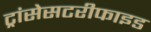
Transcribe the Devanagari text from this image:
ट्रांसेसटरीफाइड
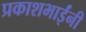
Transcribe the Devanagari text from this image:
प्रकाशभाईंनी
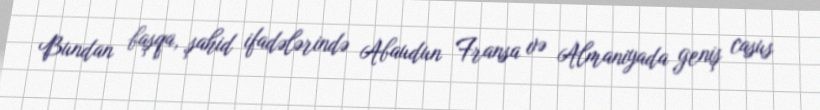
Bundan başqa, şahid ifadələrində Abaudun Fransa və Almaniyada geniş casus
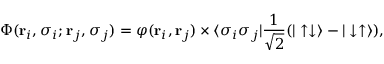
\Phi ( \mathbf { r } _ { i } , \sigma _ { i } ; \mathbf { r } _ { j } , \sigma _ { j } ) = \varphi ( \mathbf { r } _ { i } , \mathbf { r } _ { j } ) \times \langle \sigma _ { i } \sigma _ { j } | \frac { 1 } { \sqrt { 2 } } ( | \uparrow \downarrow \rangle - | \downarrow \uparrow \rangle ) ,
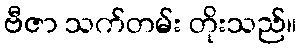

=====

WHAT IS EXPECTED: Exclude all images and return the listing word for word.

EXERCISE RESULT:
Transcribe the Devanagari text from this image:
ट्रांसेसटरीफाइड
Transcribe the Devanagari text from this image:
प्रकाशभाईंनी
Bundan başqa, şahid ifadələrində Abaudun Fransa və Almaniyada geniş casus
\Phi ( \mathbf { r } _ { i } , \sigma _ { i } ; \mathbf { r } _ { j } , \sigma _ { j } ) = \varphi ( \mathbf { r } _ { i } , \mathbf { r } _ { j } ) \times \langle \sigma _ { i } \sigma _ { j } | \frac { 1 } { \sqrt { 2 } } ( | \uparrow \downarrow \rangle - | \downarrow \uparrow \rangle ) ,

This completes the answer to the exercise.